→ Action item: Transcribe the records below word for word, beginning with the first line and stopping after the line that contains "chopper driver until"; pictures are not part of the copy.

→ Data extracts:

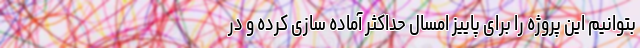
بتوانیم این پروژه را برای پاییز امسال حداکثر آماده سازی کرده و در
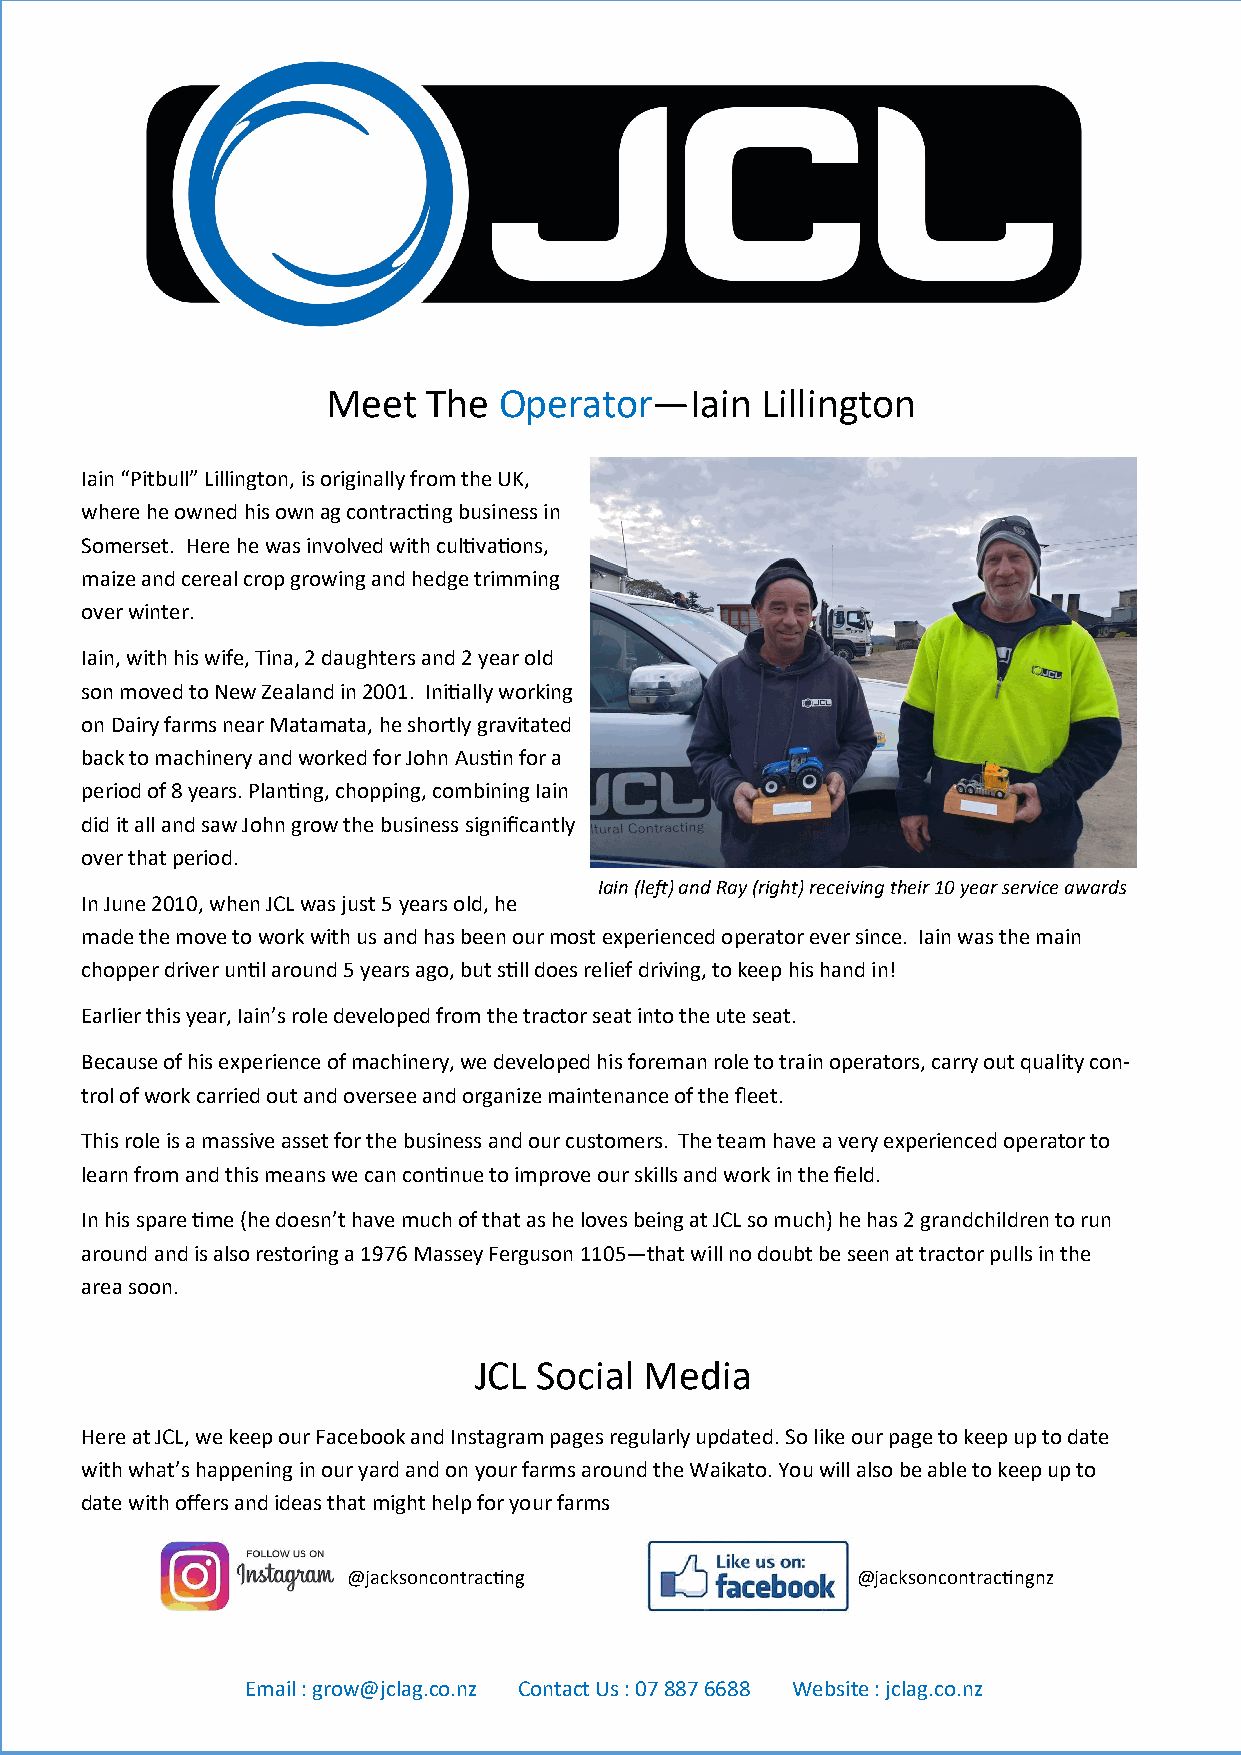
Meet  The  Operator—Iain    Lillington
 Iain “Pitbull” Lillington, is originally from the UK,
 where he owned his own ag contracting business in
 Somerset. Here he was involved with cultivations,
 maize and cereal crop growing and hedge trimming
 over winter.
 Iain, with his wife, Tina, 2 daughters and 2 year old
 son moved to New Zealand in 2001. Initially working
 on Dairy farms near Matamata, he shortly gravitated
 back to machinery and worked for John Austin for a
 period of 8 years. Planting, chopping, combining Iain
 did it all and saw John grow the business significantly
 over that period.
 Iain (left) and Ray (right) receiving their 10 year service awards
 In June 2010, when JCL was just 5 years old, he
 made the move to work with us and has been our most experienced operator ever since. Iain was the main
 chopper driver until around 5 years ago, but still does relief driving, to keep his hand in!
 Earlier this year, Iain’s role developed from the tractor seat into the ute seat.
 Because of his experience of machinery, we developed his foreman role to train operators, carry out quality con-
 trol of work carried out and oversee and organize maintenance of the fleet.
 This role is a massive asset for the business and our customers. The team have a very experienced operator to
 learn from and this means we can continue to improve our skills and work in the field.
 In his spare time (he doesn’t have much of that as he loves being at JCL so much) he has 2 grandchildren to run
 around and is also restoring a 1976 Massey Ferguson 1105—that will no doubt be seen at tractor pulls in the
 area soon.
 JCL  Social Media
 Here at JCL, we keep our Facebook and Instagram pages regularly updated. So like our page to keep up to date
 with what’s happening in our yard and on your farms around the Waikato. You will also be able to keep up to
 date with offers and ideas that might help for your farms
 @jacksoncontracting               @jacksoncontractingnz
 Email : grow@jclag.co.nz Contact Us : 07 887 6688 Website : jclag.co.nz

→ Task output:
بتوانیم این پروژه را برای پاییز امسال حداکثر آماده سازی کرده و در
Meet  The  Operator—Iain    Lillington
 Iain “Pitbull” Lillington, is originally from the UK,
 where he owned his own ag contracting business in
 Somerset. Here he was involved with cultivations,
 maize and cereal crop growing and hedge trimming
 over winter.
 Iain, with his wife, Tina, 2 daughters and 2 year old
 son moved to New Zealand in 2001. Initially working
 on Dairy farms near Matamata, he shortly gravitated
 back to machinery and worked for John Austin for a
 period of 8 years. Planting, chopping, combining Iain
 did it all and saw John grow the business significantly
 over that period.
 Iain (left) and Ray (right) receiving their 10 year service awards
 In June 2010, when JCL was just 5 years old, he
 made the move to work with us and has been our most experienced operator ever since. Iain was the main
 chopper driver until around 5 years ago, but still does relief driving, to keep his hand in!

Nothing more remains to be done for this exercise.